Conviene no imaginarlos avanzando todos juntos y apelotonados como en una manifestación por las calles de Madrid o Barcelona. De haberse desplazado así, les habría resultado imposible encontrar comida y pienso para sus bestias, e incluso habrían tenido dificultades para atravesar parajes estrechos. No obstante, aunque los cimbrios viajaban por tribus dejando un amplio espacio entre ellas, cuando llegaba el momento sabían ponerse de acuerdo y combatir conjuntados. Las legiones no iban a tardar en comprobarlo.
Roma tenía varios motivos para intervenir en la región de Nórico. El primero, su alianza con los tauriscos, que debían honrar para mantener su prestigio. Además, en Nórico había unos yacimientos de oro tan productivos que años antes habían desatado una especie de fiebre entre los negotiatores romanos y provocado que el precio del oro en Italia bajara un 33 por ciento. Pero el motivo más importante era que las tierras montañosas de Nórico lindaban prácticamente con el nordeste de Italia y las inmediaciones de Aquilea, poblada por colonos romanos.
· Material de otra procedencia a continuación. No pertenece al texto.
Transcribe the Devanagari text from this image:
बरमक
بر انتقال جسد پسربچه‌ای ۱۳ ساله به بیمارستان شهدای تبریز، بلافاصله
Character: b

El cónsul Cneo Papirio Carbón acudió con un ejército a investigar y, si era preciso, actuar. Al principio acampó con su ejército en los Alpes, en un paso estrecho. Pero en cuanto supo que los cimbrios ya habían entrado en Nórico, él también avanzó más al norte.
Los cimbrios no tardaron en enviar embajadores a Papirio, y le pidieron disculpas por haber entrado en el territorio de una tribu aliada como la de los tauriscos, algo que habían hecho por ignorancia. En lo sucesivo, le dijeron, se abstendrían de actuar así.
Papirio o bien no se fiaba de las verdaderas intenciones de los cimbrios o bien decidió que se le presentaba una magnífica ocasión para obtener la gloria como militar, aunque fuera recurriendo a la traición. Después de despedirse en buenos términos de los embajadores cimbrios, los envió de vuelta con el grueso de su tribu. Como muestra adicional de buena voluntad, Papirio hizo que los acompañaran unos guías locales que debían orientarlos para salir del país de Nórico. Pero antes de que la comitiva partiera, el cónsul habló en privado con los guías y les pagó para que llevaran a los cimbrios por los desvíos más largos que conocieran.
Él, por su parte, condujo a sus hombres por una ruta más corta y se apostó en el camino que debían tomar los cimbrios, en una zona boscosa. Lo más probable es que llevara consigo dos legiones con otras dos unidades de aliados, el típico ejército consular. Aun sin gozar de superioridad numérica —tal vez ignoraba la verdadera magnitud del enemigo—, confiaba en que las condiciones del terreno, elegido por él, le favorecerían lo bastante como para causar una masacre.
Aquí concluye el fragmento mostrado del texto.